### EXERCISE PROMPT
From the entries below, reproduce exactly the line containing "Q: Monospaced? A: No.", the line containing "The image shows", and every line in between, with nothing added.

** MATERIAL TO PROCESS follows **

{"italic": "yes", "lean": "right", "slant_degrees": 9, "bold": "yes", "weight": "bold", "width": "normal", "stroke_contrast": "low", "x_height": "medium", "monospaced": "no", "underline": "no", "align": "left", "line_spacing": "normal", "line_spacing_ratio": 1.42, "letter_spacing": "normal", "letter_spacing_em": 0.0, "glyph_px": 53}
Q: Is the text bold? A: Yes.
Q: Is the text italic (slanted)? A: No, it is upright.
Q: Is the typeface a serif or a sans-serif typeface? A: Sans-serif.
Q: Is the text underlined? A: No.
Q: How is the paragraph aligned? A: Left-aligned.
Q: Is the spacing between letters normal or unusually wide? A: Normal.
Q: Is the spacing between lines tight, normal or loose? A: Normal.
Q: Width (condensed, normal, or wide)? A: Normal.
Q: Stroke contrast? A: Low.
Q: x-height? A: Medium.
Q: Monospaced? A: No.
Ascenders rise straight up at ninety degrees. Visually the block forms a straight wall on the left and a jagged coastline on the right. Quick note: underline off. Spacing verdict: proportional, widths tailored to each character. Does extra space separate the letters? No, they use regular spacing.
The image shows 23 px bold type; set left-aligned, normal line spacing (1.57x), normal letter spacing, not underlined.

** End of MATERIAL TO PROCESS **
** MATERIAL TO PROCESS follows **

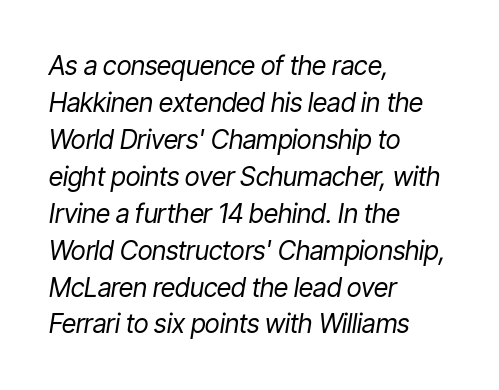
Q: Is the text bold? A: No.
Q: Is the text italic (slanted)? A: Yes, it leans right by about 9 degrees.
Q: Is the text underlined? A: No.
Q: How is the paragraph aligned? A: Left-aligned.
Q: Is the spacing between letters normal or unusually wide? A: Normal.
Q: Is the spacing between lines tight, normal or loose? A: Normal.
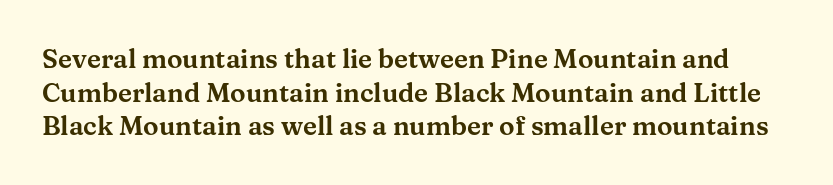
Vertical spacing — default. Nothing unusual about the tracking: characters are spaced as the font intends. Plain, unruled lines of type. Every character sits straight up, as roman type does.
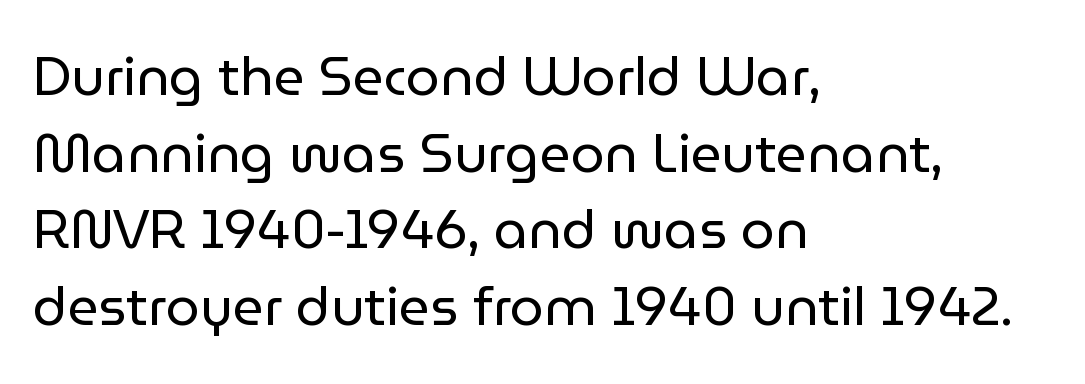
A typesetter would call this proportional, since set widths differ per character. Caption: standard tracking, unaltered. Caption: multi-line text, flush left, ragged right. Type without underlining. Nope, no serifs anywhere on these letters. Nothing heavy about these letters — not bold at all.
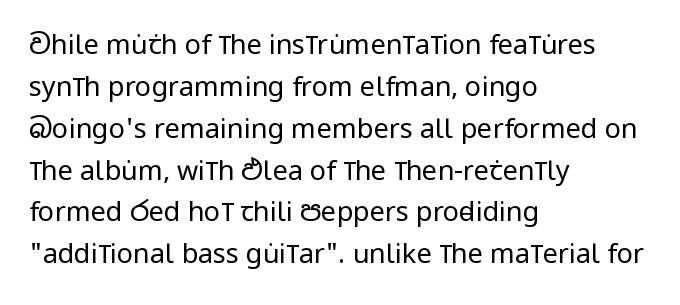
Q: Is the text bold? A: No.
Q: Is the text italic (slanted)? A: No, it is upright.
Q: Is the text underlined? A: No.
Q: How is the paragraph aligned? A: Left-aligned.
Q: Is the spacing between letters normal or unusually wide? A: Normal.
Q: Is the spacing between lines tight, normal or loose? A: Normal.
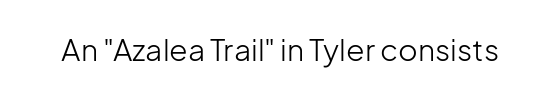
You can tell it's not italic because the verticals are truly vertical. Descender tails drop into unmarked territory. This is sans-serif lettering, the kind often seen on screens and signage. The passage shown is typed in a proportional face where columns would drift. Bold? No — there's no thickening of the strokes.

** End of MATERIAL TO PROCESS **

### REPLY TO THE EXERCISE
Q: Monospaced? A: No.
Ascenders rise straight up at ninety degrees. Visually the block forms a straight wall on the left and a jagged coastline on the right. Quick note: underline off. Spacing verdict: proportional, widths tailored to each character. Does extra space separate the letters? No, they use regular spacing.
The image shows 23 px bold type; set left-aligned, normal line spacing (1.57x), normal letter spacing, not underlined.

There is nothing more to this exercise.